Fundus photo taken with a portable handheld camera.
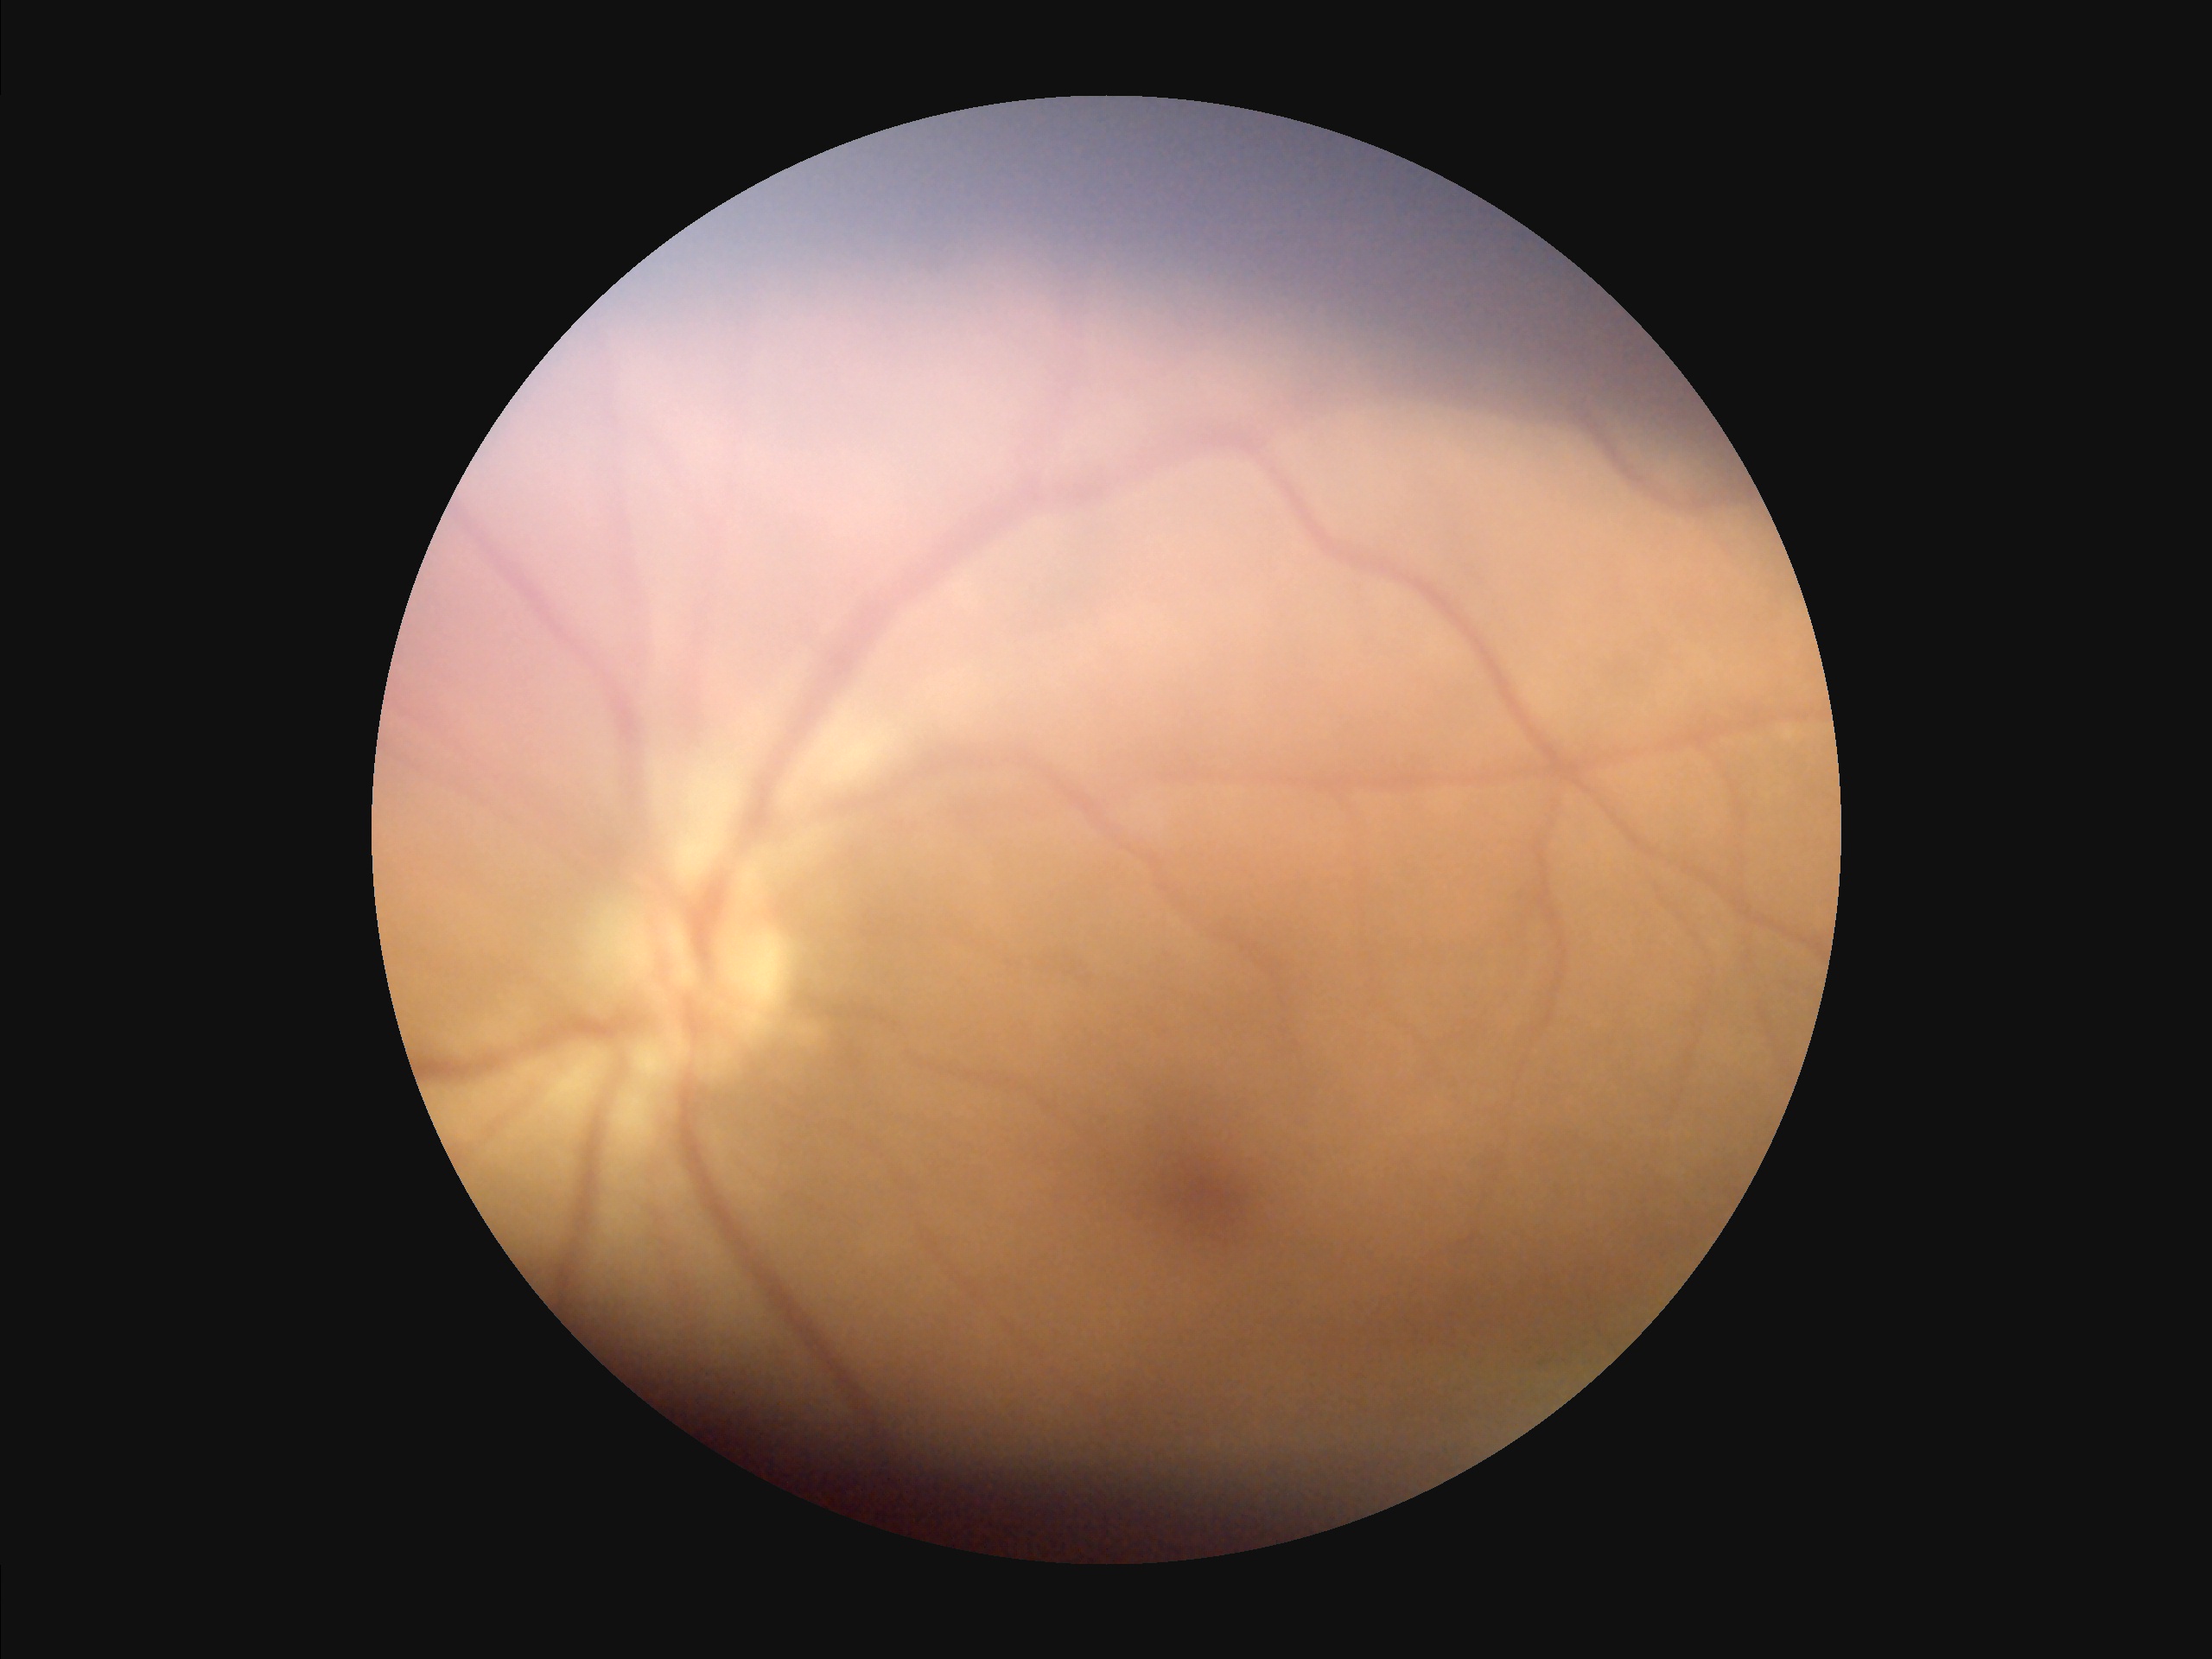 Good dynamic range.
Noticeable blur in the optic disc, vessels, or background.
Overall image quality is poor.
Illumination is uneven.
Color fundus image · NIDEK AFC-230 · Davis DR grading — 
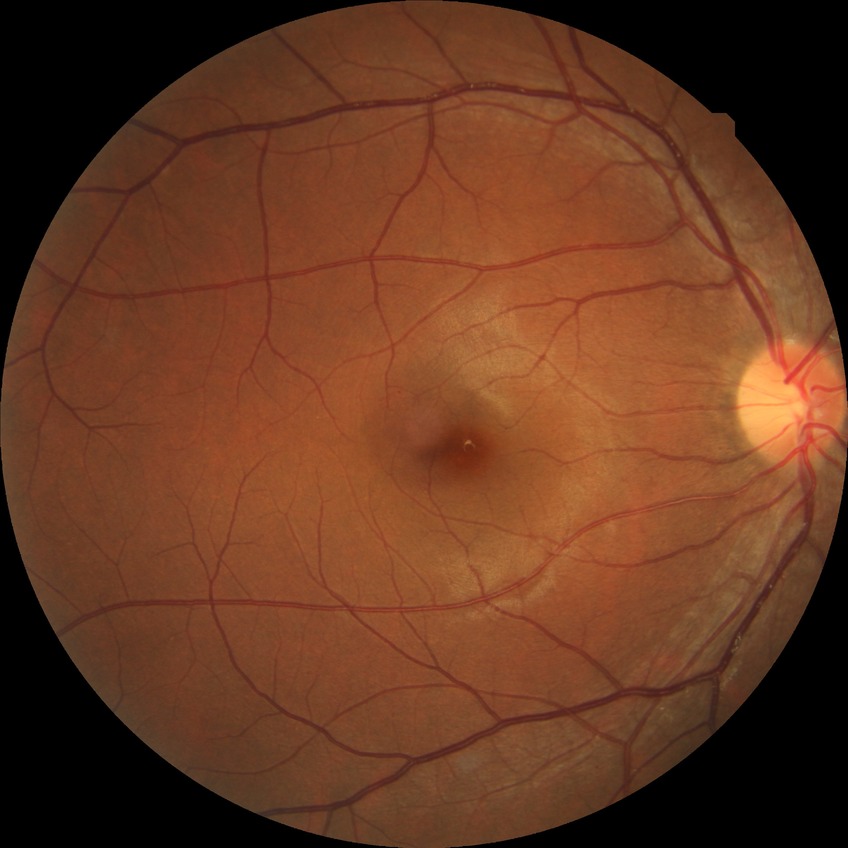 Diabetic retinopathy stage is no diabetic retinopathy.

> _Task statement_: Copy the material above in full and exactly, skipping pictures.

> _Answer section_:
Fundus photo taken with a portable handheld camera.
 Good dynamic range.
Noticeable blur in the optic disc, vessels, or background.
Overall image quality is poor.
Illumination is uneven.
Color fundus image · NIDEK AFC-230 · Davis DR grading — 
 Diabetic retinopathy stage is no diabetic retinopathy.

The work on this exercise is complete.